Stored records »
···

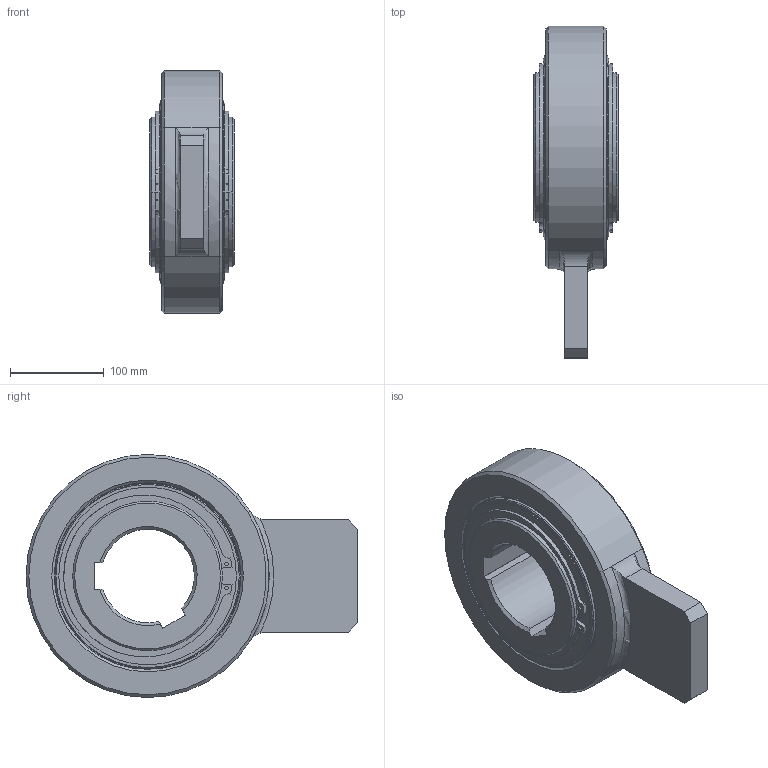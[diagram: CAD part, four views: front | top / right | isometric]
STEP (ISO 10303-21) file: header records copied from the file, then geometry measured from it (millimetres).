
FILE_DESCRIPTION((''),'2;1');
FILE_NAME('FREILAUF_AV100_ASM','2025-05-08T13:18:07',('Administrator'),(''),'CREO PARAMETRIC BY PTC INC, 2020184','CREO PARAMETRIC BY PTC INC, 2020184','');
FILE_SCHEMA(('AUTOMOTIVE_DESIGN { 1 0 10303 214 1 1 1 1 }'));
Length unit declared in the file: millimetre
Products named in the file (14): A-RING_AV110_NICO_2; STERN_AV110-100_NICO_1; DRUCKBOLZEN_AS8_2; DRUCKFEDER_AS8_5_2; ANFED_KPL_AS8_6_AS8_5_ASM_2_ASM; ROLLE_12X36_DIN5402_HD_2; LAGERSCHEIBE_AV110_NICO_2; FK3_IS_160_NICO_2; FK3_AS_160_NICO_2; ISK160_NICO_ASM_2_ASM; DIN471_160X4_HD_2; DIN988PS_160X190X1_M_2; FREILAUF_AV100_NICO_ASM_1_ASM; FREILAUF_AV100_ASM
Assembly tree (28 placements, depth 4):
  FREILAUF_AV100_ASM
    FREILAUF_AV100_NICO_ASM_1_ASM
      A-RING_AV110_NICO_2
      STERN_AV110-100_NICO_1
      ANFED_KPL_AS8_6_AS8_5_ASM_2_ASM  x8
        DRUCKBOLZEN_AS8_2
        DRUCKFEDER_AS8_5_2
      ROLLE_12X36_DIN5402_HD_2  x4
      LAGERSCHEIBE_AV110_NICO_2  x2
      ISK160_NICO_ASM_2_ASM  x2
        FK3_IS_160_NICO_2
        FK3_AS_160_NICO_2
      DIN471_160X4_HD_2  x2
      DIN988PS_160X190X1_M_2  x2
Bounding box: 90 x 355 x 260 mm (x, y, z)
Volume: 3368513.8 mm3; surface area: 466517.6 mm2
Topology: 34 solids, 34 shells, 448 faces, 1110 edges, 744 vertices
Faces by surface type: cylinder 143, plane 131, cone 88, bspline 48, torus 38
Entity records: 8911 total; most frequent: CARTESIAN_POINT 2647, DIRECTION 1302, ORIENTED_EDGE 1034, AXIS2_PLACEMENT_3D 549, EDGE_CURVE 517, VERTEX_POINT 355, CIRCLE 271, EDGE_LOOP 234

···

What is being asked »
Pictures should not appear in the copy. Write out exactly the lines above from the first one through the line that contains "FILE_DESCRIPTION((''),'2;1');".

Reply to the exercise »
[diagram: CAD part, four views: front | top / right | isometric]
STEP (ISO 10303-21) file: header records copied from the file, then geometry measured from it (millimetres).
FILE_DESCRIPTION((''),'2;1');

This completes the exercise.